How to share credentials with clients (without leaking them)
If you run an agency, freelance, or consult, this conversation is your weekly routine: the client needs the WordPress admin password, you need their AWS keys, someone needs the staging database URL. And the channel, almost every time, is email or Slack.
Both fail the same way, for the same reason: retention.
The problem isn't interception — it's storage
TLS protects messages in transit; almost nobody is sniffing your packets. The real exposure is that email and chat are databases of everything ever sent. The password you emailed in 2023 is still there — in the recipient's inbox, your sent folder, both providers' servers, every backup, and every device either of you has logged into since. When any one of those is compromised — one successful phish, one stolen laptop, one reused password on the client's side — the attacker doesn't get one credential.
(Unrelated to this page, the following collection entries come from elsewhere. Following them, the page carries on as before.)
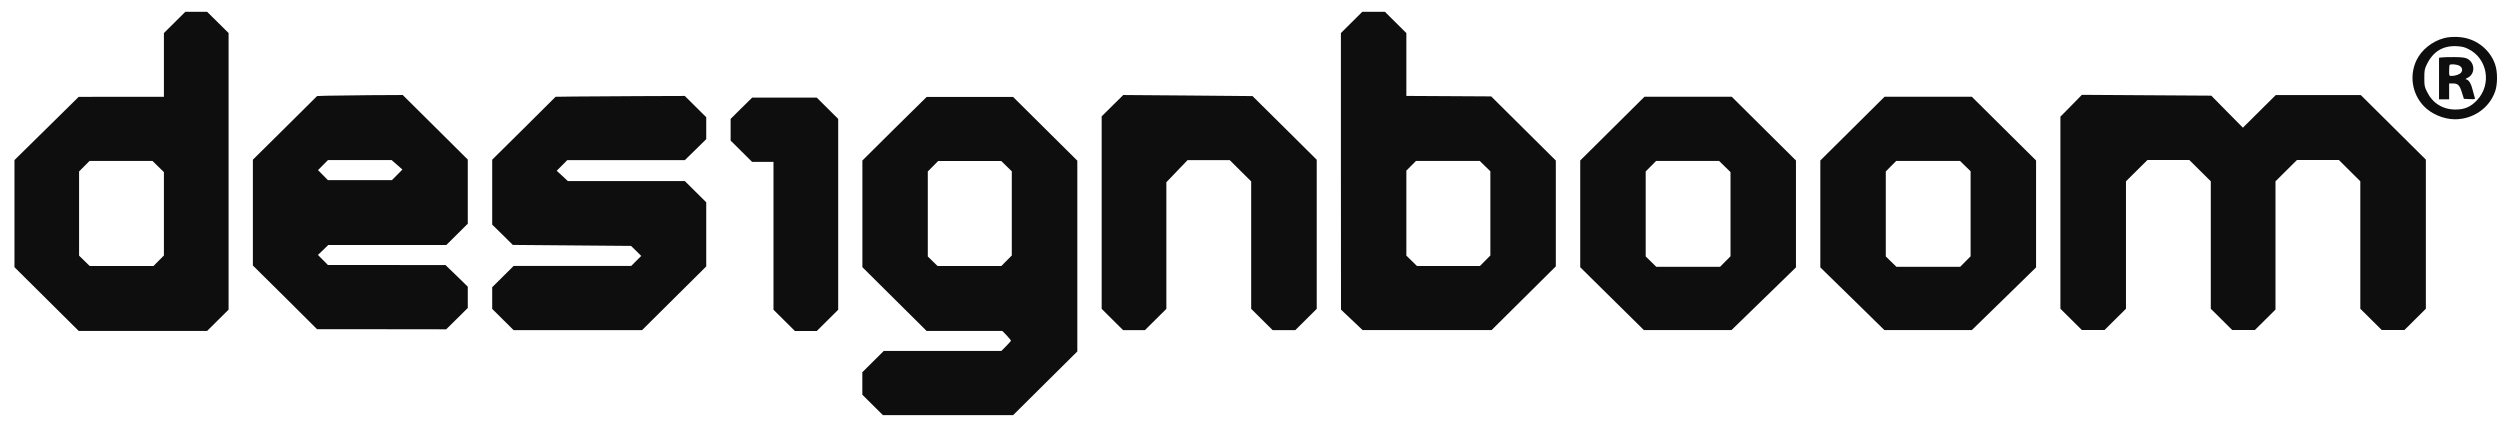 <svg width="152" height="26" viewBox="0 0 152 26" fill="none" xmlns="http://www.w3.org/2000/svg">
<path d="M10.615 1.365L9.966 2.009V3.949V5.884H7.377L4.783 5.889L2.834 7.809L0.879 9.733V12.986V16.244L2.834 18.184L4.783 20.119H8.688H12.594L13.248 19.47L13.898 18.826V10.418V2.009L13.243 1.36L12.594 0.719H11.93H11.266L10.615 1.365ZM9.618 10.125L9.966 10.465V12.999V15.533L9.649 15.852L9.332 16.172H7.392H5.452L5.13 15.857L4.808 15.543V12.984V10.425L5.125 10.105L5.442 9.786H7.357H9.271L9.618 10.125Z" fill="#0E0E0E"/>
<path d="M82.176 1.365L81.527 2.009V10.418L81.533 18.826L82.187 19.445L82.846 20.069H86.77H90.689L92.644 18.129L94.594 16.194V12.976V9.761L92.629 7.811L90.664 5.861L88.086 5.846L85.507 5.832V3.922V2.012L84.853 1.363L84.204 0.719H83.515H82.826L82.176 1.365ZM90.292 10.101L90.614 10.415V12.974V15.533L90.297 15.852L89.98 16.172H88.066H86.151L85.829 15.857L85.507 15.543V12.959V10.375L85.799 10.081L86.091 9.786H88.03H89.97L90.292 10.101Z" fill="#0E0E0E"/>
<path d="M148.601 2.318C147.876 2.51 147.228 3.026 146.921 3.666C146.483 4.587 146.649 5.683 147.353 6.437C147.804 6.923 148.578 7.253 149.262 7.253C150.374 7.253 151.366 6.559 151.708 5.545C151.852 5.126 151.856 4.4 151.718 3.965C151.464 3.154 150.764 2.512 149.916 2.315C149.514 2.22 148.968 2.22 148.601 2.318ZM150.06 2.972C151.235 3.538 151.514 5.113 150.612 6.082C150.228 6.497 149.842 6.664 149.288 6.659C148.518 6.659 147.904 6.274 147.567 5.59C147.409 5.276 147.399 5.216 147.399 4.744C147.399 4.297 147.414 4.202 147.537 3.943C147.914 3.146 148.513 2.772 149.343 2.807C149.672 2.824 149.822 2.854 150.06 2.972Z" fill="#0E0E0E"/>
<path d="M148.461 3.491L148.293 3.511V4.777V6.038H148.6H148.907V5.556V5.074H149.131C149.443 5.074 149.549 5.181 149.687 5.631L149.805 6.01L150.152 6.025C150.474 6.04 150.499 6.03 150.469 5.95C150.449 5.9 150.399 5.708 150.351 5.526C150.265 5.136 150.122 4.872 149.973 4.837C149.881 4.812 149.888 4.797 150.034 4.729C150.499 4.502 150.489 3.823 150.013 3.569C149.885 3.504 149.707 3.476 149.239 3.471C148.899 3.469 148.547 3.476 148.461 3.491ZM149.463 3.965C149.677 4.04 149.759 4.23 149.647 4.395C149.571 4.517 149.295 4.617 149.051 4.617C148.907 4.617 148.907 4.612 148.907 4.298C148.907 4.12 148.922 3.958 148.942 3.943C148.993 3.891 149.285 3.906 149.463 3.965Z" fill="#0E0E0E"/>
<path d="M19.84 5.82L19.279 5.84L17.33 7.775L15.375 9.709V12.927V16.143L17.33 18.077L19.279 20.017H23.204L27.128 20.022L27.787 19.373L28.441 18.724V18.075V17.431L27.767 16.772L27.088 16.118L23.516 16.113H19.938L19.637 15.808L19.33 15.499L19.647 15.199L19.959 14.894H23.551H27.138L27.792 14.245L28.441 13.601V11.652V9.702L26.467 7.742L24.487 5.777L22.444 5.787C21.322 5.8 20.152 5.815 19.84 5.82ZM24.14 10.019L24.467 10.309L24.15 10.628L23.828 10.953H21.883H19.938L19.637 10.648L19.335 10.343L19.637 10.039L19.938 9.734H21.878H23.812L24.14 10.019Z" fill="#0E0E0E"/>
<path d="M67.635 6.426L66.981 7.075V12.927V18.779L67.635 19.428L68.284 20.072H68.948H69.612L70.266 19.423L70.915 18.779V14.929V11.08L71.559 10.406L72.203 9.737H73.483H74.769L75.423 10.386L76.072 11.03V14.904V18.779L76.726 19.428L77.376 20.072H78.064H78.754L79.408 19.423L80.057 18.779V14.245V9.712L78.108 7.777L76.153 5.842L72.223 5.807L68.294 5.777L67.635 6.426Z" fill="#0E0E0E"/>
<path d="M125.928 6.43L125.273 7.094V12.933V18.772L125.928 19.421L126.577 20.065H127.267H127.955L128.609 19.416L129.259 18.772V14.898V11.023L129.913 10.374L130.562 9.73H131.837H133.112L133.766 10.379L134.416 11.023V14.898V18.772L135.07 19.421L135.719 20.065H136.408H137.097L137.726 19.441L138.35 18.822V14.923V11.023L139.004 10.374L139.653 9.73H140.929H142.205L142.859 10.379L143.507 11.023V14.898V18.772L144.161 19.421L144.81 20.065H145.5H146.189L146.843 19.416L147.492 18.772V14.239V9.705L145.517 7.745L143.537 5.781H140.944H138.365L137.364 6.774L136.368 7.763L135.404 6.789L134.446 5.816L130.511 5.791L126.577 5.766L125.928 6.43Z" fill="#0E0E0E"/>
<path d="M34.902 5.869L33.78 5.884L31.855 7.799L29.926 9.708V11.683V13.658L30.555 14.272L31.179 14.891L34.776 14.921L38.368 14.951L38.68 15.256L38.987 15.56L38.68 15.865L38.378 16.169H34.801H31.229L30.575 16.818L29.926 17.462V18.122V18.781L30.58 19.43L31.229 20.074H35.133H39.035L40.99 18.134L42.939 16.199V14.249V12.3L42.285 11.651L41.636 11.007H38.079H34.522L34.185 10.692L33.848 10.383L34.17 10.058L34.487 9.738H38.064H41.636L42.29 9.099L42.939 8.46V7.791V7.127L42.285 6.478L41.636 5.834L38.829 5.844C37.284 5.854 35.518 5.864 34.902 5.869Z" fill="#0E0E0E"/>
<path d="M54.382 7.824L52.433 9.759V13.002V16.245L54.387 18.185L56.336 20.119H58.638H60.94L61.207 20.394C61.35 20.546 61.466 20.689 61.466 20.714C61.466 20.734 61.333 20.881 61.174 21.043L60.883 21.338H57.306H53.733L53.079 21.987L52.43 22.631V23.315V23.999L53.059 24.623L53.683 25.242H57.64H61.597L63.551 23.302L65.501 21.368V15.568V9.769L63.547 7.829L61.597 5.895H58.968H56.34L54.382 7.824ZM61.194 10.101L61.517 10.416V12.975V15.533L61.199 15.853L60.883 16.172H58.943H57.004L56.706 15.883L56.41 15.593V13.009V10.426L56.726 10.106L57.044 9.787H58.958H60.873L61.194 10.101Z" fill="#0E0E0E"/>
<path d="M98.028 7.823L96.078 9.757V13.005V16.248L98.013 18.158L99.947 20.068H102.611H105.275L107.235 18.163L109.194 16.258V13.005V9.757L107.24 7.818L105.29 5.883H102.637H99.983L98.028 7.823ZM104.868 10.124L105.215 10.464V13.023V15.582L104.898 15.901L104.581 16.221H102.641H100.701L100.379 15.906L100.058 15.591V13.008V10.424L100.375 10.104L100.691 9.785H102.607H104.521L104.868 10.124Z" fill="#0E0E0E"/>
<path d="M112.626 7.823L110.676 9.757V13.01V16.258L112.626 18.163L114.57 20.068H117.229H119.888L121.843 18.163L123.793 16.258V13.01V9.757L121.838 7.818L119.888 5.883H117.234H114.58L112.626 7.823ZM119.491 10.099L119.813 10.414V12.998V15.582L119.496 15.901L119.179 16.221H117.239H115.3L114.978 15.906L114.656 15.591V13.008V10.424L114.972 10.104L115.29 9.785H117.229H119.169L119.491 10.099Z" fill="#0E0E0E"/>
<path d="M45.071 6.585L44.422 7.229V7.888V8.547L45.076 9.196L45.725 9.84H46.379H47.028V14.339V18.832L47.682 19.481L48.331 20.125H48.996H49.66L50.314 19.476L50.962 18.832V13.028V7.229L50.308 6.58L49.66 5.936H47.695H45.73L45.071 6.585Z" fill="#0E0E0E"/>
</svg>

They get the archive. "Search inbox for password" is a standard post-breach move precisely because it works.
Add the offboarding problem: the contractor you stopped working with two years ago still has every credential you ever Slacked them, and you have no way to know which ones, let alone revoke the copies.
What "good" looks like
A credential handoff is safe when it has these properties:
- Ephemeral — the message ceases to exist after delivery, automatically, without relying on anyone's discipline.
- End-to-end encrypted — no server in the middle can read it, so a breach of the middleman reveals nothing.
- Delivery-confirmed — you know it arrived, and to whom, because exactly one open is possible.
- Accountless for the other side — clients won't install a tool or create an account for a 30-second task. Any workflow that requires it will be bypassed back to email.
The workflow that survives contact with real clients
- Send a one-time encrypted link. The credential is encrypted in your browser; the decryption key rides in the URL fragment, which never reaches any server. The first open destroys the secret — if the link leaks afterwards, it opens nothing.
- Send the link over the channel you already share (email, Slack, WhatsApp). This is now safe: the channel only ever saw a link that no longer works. Its retention problem stops mattering.
- If the link arrives already-dead, treat it as an incident. One-time delivery doubles as a tripwire: "already viewed" before your client opened it means someone else did. Rotate the credential — you just caught an interception that email would have hidden forever.
- For the crown jewels, skip storage entirely. Live P2P transfer moves the secret directly between your browser and the client's, end-to-end encrypted with forward secrecy — it never exists on any server, even as ciphertext.
- Receiving credentials? Send a request link instead. Clients will otherwise reply with the password in plaintext — it's what people do. A secret-request link inverts the flow: they paste, it encrypts in their browser, you get a one-time read.
The checklist
- Never send credentials as message text — only as one-time links.
- Set the shortest expiry the workflow tolerates (hours, not weeks).
- Rotate immediately if a link reports "already viewed".
- Use P2P mode for keys with long lifetimes (SSH, signing, cloud root).
- Request secrets via request links; never let clients improvise.
- Keep an audit trail of what was shared when — without storing the secrets themselves.
The uncomfortable truth about credential leaks is that they're rarely exotic. They're an old email, found later, by the wrong person. The fix costs thirty seconds: share a link that dies on arrival, instead of a message that lives forever.